Hosts and Strangers, Now and Then: How Historical Immigration Experiences Drive Contemporary Migrant Policies in Catalonia and South Tyrol

Policy Analysis
Christina Zuber
Universität Konstanz
Christina Zuber
Universität Konstanz

This paper will present the theoretical argument and one of the empirical chapters of a book project that studies the ideational impact of historical immigration experiences on contemporary migration discourses and migrant policies in Catalonia and South Tyrol. I theorize and trace two ideational mechanisms accounting for how distant historical events can affect present policy choices: a mechanism of elite framing in political discourse (ideas as frames in communication), and a mechanism of institutionalisation in formal structure and day-to-day routines of administrative organisation (ideas as institutional sediments). Empirically, the book compares two minority regions that cannot control their own borders but can set their own policy priorities when it comes to immigrant integration – South Tyrol in Italy and Catalonia in Spain. The regions share many socio-structural and institutional parameters, yet respond very differently to immigration.
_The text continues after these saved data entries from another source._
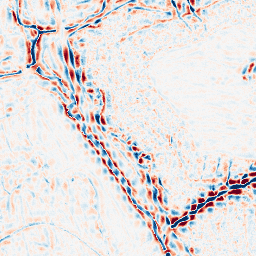
Category: wavelet
Decomposition family: wavelet_biorthogonal
Decomposition parameters: wavelet: bior5.5
level: 3
Upsampling method: lanczos
Upsampling parameters: scale: 4
Upsampling scale: 4
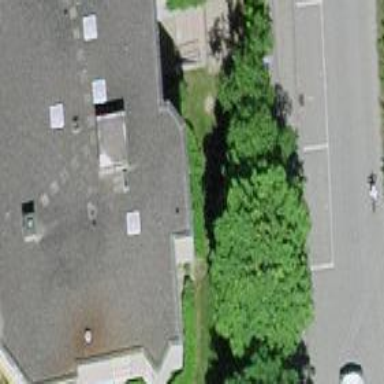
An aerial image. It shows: Residential building.
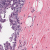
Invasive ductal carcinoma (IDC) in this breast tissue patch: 0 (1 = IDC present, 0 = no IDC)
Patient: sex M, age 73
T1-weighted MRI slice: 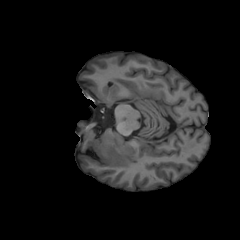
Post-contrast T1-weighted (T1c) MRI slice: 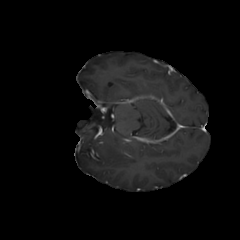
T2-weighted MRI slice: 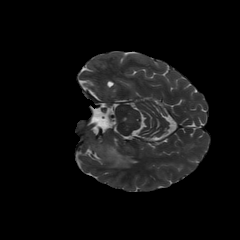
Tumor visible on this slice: yes
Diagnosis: Glioblastoma, IDH-wildtype
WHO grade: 4
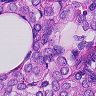
Metastatic tissue present: yes
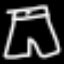
Label: pants

South Tyrolean elites frame immigration as a threat to the German-speaking minority and restrict immigrants’ access to social benefits. Catalan elites emphasise the opportunities of immigration, granting social rights to “new Catalans” on equal terms. Tracing the development of political discourse on and the administrative organisation of immigration over time, I show how historical experiences with the arrival of internal migrants in the first half of the 20th century continue to define each region’s approach to immigration until the present day. By laying open the ideational micro-foundations of path-dependent policy choice, I explain continuity in the content of policies within, as well as genuine differences in policy content between the two regions.